On the other side, Linux has improved in bits:

\+ More stable graphic drivers; Intel & nVidia now have stable, working
releases that don't require you to jump thru hoops to get the screen working,
as it used to be back then...

\+ Antialiased text. Seriously, it took a LONG time to get something working
properly, all the time in linux..

\+ The other major thing that happened is ... Chrome.
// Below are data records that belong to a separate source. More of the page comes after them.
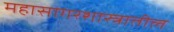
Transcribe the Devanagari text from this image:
महासागरशास्त्रातील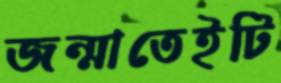
জন্মাতেইটি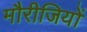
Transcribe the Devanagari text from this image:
मौरीजियों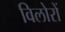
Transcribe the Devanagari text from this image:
विलोरों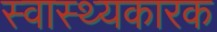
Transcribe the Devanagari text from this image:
स्वास्थ्यकारक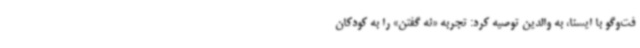
فت‌وگو با ایسنا، به والدین توصیه کرد: تجربه «نه گفتن» را به کودکان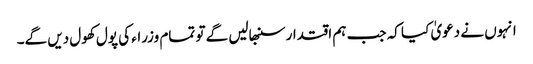
انہوں نے دعویٰ کیا کہ جب ہم اقتدار سنبھالیں گے تو تمام وزراء کی پول کھول دیں گے۔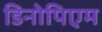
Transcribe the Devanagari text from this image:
डिनोपिएम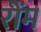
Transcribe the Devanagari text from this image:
रोंम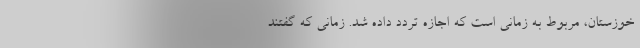
خوزستان، مربوط به زمانی است که اجازه تردد داده شد. زمانی که گفتند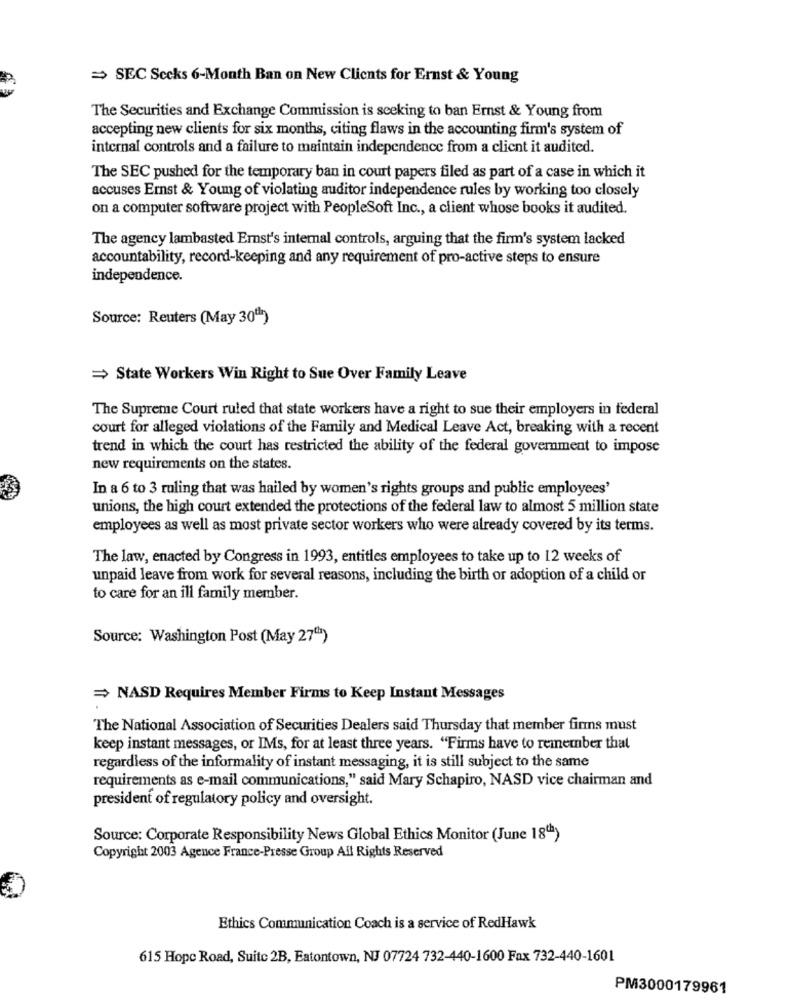
= SEC Secks 6-Month Ban on New Clients for Ernst & Young
The Securities and Exchange Commission is seeking to ban Ernst & Young from
accepting new clients for six months, citing flaws in the accounting firm's system of
internal controls and a failure to maintain independence from a client it audited.
The SEC pushed for the temporary ban in court papers filed as part of a case in which it
accuses Ernst & Young of violating auditor independence rules by working too closely
on a computer software project with PeopleSoft Inc ., a client whose books it audited.
The agency lambasted Ernst's internal controls, arguing that the firm's system lacked
accountability, record-keeping and any requirement of pro-active steps to ensure
independence.
Source: Reuters (May 30"1)
= State Workers Win Right to Sue Over Family Leave
The Supreme Court ruled that state workers have a right to sue their employers in federal
court for alleged violations of the Family and Medical Leave Act, breaking with a recent
trend in which the court has restricted the ability of the federal government to impose
new requirements on the states.
In a 6 to 3 ruling that was hailed by women's rights groups and public employees'
unions, the high court extended the protections of the federal law to almost 5 million state
employees as well as most private sector workers who were already covered by its terms.
The law, enacted by Congress in 1993, entitles employees to take up to 12 weeks of
unpaid leave from work for several reasons, including the birth or adoption of a child or
to care for an ill family member.
Source: Washington Post (May 27")
= NASD Requires Member Firms to Keep Instant Messages
The National Association of Securities Dealers said Thursday that member finns must
keep instant messages, or IMs, for at least three years. "Firms have to remember that
regardless of the informality of instant messaging, it is still subject to the same
requirements as e-mail communications," said Mary Schapiro, NASD vice chairman and
president of regulatory policy and oversight.
Source: Corporate Responsibility News Global Ethics Monitor (June 18")
Copyright 2003 Agence France-Presse Group All Rights Reserved
Ethics Communication Coach is a service of RedHawk
615 Hope Road, Suite 2B, Eatontown, NJ 07724 732-440-1600 Fax 732-440-1601
PM3000179961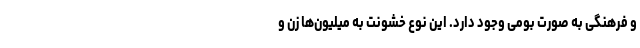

Chrome is spotless on
linux nowadays, and personally, once I have an IDE, Chrome, and a few bits and
pieces I don't need a lot more these days.

I don't particularly think Linux has improved that much otherwise in terms of
desktop usability; it's still the same mess as before on the desktop IMO, but
at least the lower level bits have improved significantly...

------
MrQuincle
Perhaps the crowd is older and doesn't care about their image anymore?

Perhaps battery life or some other hardware consideration made them choose
other hardware above a MacBook?

Perhaps it is less accepted by your Linux peers to run another OS?

Perhaps Linux became better in supporting the daily work of a developer?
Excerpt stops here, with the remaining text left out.